Ok, you pull the waders down and do a cat-like perch over the side, the waders act as a guard so you dont pee all over yourself while squatting. Mind you these moves are not for the novice but with practice they can be mastered. Or you can eat some of that Speedy Stop dried, smoked, jalapeno, cheese sausage friday night when you get into town.


----------



## 2lazy2fish

the only thing "cat like" about me, is my reflexes.

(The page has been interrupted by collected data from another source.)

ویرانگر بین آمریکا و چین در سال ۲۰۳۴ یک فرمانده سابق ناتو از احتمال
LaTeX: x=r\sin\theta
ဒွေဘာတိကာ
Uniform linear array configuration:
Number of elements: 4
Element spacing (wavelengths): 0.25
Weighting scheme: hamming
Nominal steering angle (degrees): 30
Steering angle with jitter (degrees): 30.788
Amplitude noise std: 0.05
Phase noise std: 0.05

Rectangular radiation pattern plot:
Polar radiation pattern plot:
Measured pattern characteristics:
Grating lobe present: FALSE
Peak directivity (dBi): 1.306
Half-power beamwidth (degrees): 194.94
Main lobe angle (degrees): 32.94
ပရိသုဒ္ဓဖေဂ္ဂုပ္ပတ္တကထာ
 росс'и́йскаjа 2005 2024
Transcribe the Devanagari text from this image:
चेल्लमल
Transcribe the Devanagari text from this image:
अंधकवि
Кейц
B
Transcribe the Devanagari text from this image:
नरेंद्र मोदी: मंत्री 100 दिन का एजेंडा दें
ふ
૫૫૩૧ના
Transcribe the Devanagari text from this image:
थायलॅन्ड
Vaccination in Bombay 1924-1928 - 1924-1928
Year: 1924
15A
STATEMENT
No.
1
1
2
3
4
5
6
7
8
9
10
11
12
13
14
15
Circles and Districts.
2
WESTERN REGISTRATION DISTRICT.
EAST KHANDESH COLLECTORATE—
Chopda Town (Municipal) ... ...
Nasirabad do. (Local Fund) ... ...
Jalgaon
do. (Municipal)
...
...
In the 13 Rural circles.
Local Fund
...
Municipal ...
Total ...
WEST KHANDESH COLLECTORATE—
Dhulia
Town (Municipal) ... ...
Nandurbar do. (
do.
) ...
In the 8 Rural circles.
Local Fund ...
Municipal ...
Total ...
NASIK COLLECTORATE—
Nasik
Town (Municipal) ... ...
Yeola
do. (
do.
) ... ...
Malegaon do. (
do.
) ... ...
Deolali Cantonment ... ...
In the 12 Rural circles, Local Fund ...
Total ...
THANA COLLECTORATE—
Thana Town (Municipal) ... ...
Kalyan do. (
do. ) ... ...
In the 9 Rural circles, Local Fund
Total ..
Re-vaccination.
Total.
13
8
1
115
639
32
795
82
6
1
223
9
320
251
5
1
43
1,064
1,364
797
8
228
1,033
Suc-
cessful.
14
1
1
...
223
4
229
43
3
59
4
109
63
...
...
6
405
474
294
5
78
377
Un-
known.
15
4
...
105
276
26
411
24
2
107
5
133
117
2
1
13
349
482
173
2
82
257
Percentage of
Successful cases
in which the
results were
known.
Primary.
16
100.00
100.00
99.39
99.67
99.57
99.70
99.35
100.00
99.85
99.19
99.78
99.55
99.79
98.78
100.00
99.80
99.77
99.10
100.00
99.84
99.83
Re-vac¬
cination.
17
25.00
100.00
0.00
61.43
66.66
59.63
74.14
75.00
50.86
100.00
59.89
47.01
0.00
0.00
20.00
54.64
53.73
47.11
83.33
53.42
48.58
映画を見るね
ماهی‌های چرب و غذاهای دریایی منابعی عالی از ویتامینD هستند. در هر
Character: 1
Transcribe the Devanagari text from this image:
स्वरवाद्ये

feel the twitch, watch the cork bob just a hair.....BAM! reel.....BAM!!
fish on
easy as pie
might as well be shooting just released quail on the back 40


----------



## Hughoo222

*Don*: Hey, Napoleon. What did you do last summer again? 
*Napoleon Dynamite*: I told you! I spent it with my uncle in Alaska hunting wolverines! 
*Don*: Did you shoot any? 
*Napoleon Dynamite*: Yes, like 50 of 'em! They kept trying to attack my cousins, what the heck would you do in a situation like that? 
*Don*: What kind of gun did you use? 
*Napoleon Dynamite*: A freakin' 12-gauge, what do you think?


----------



## crabpot

You bait-chuckin', beer-drinkin', limit-keepin' tourists make me sick. Why don't you just stay home and watch NASCAR on your backporch TV set.


----------



## 2lazy2fish

crabpot said:


> You bait-chuckin', beer-drinkin', limit-keepin' tourists make me sick. Why don't you just stay home and watch NASCAR on your backporch TV set.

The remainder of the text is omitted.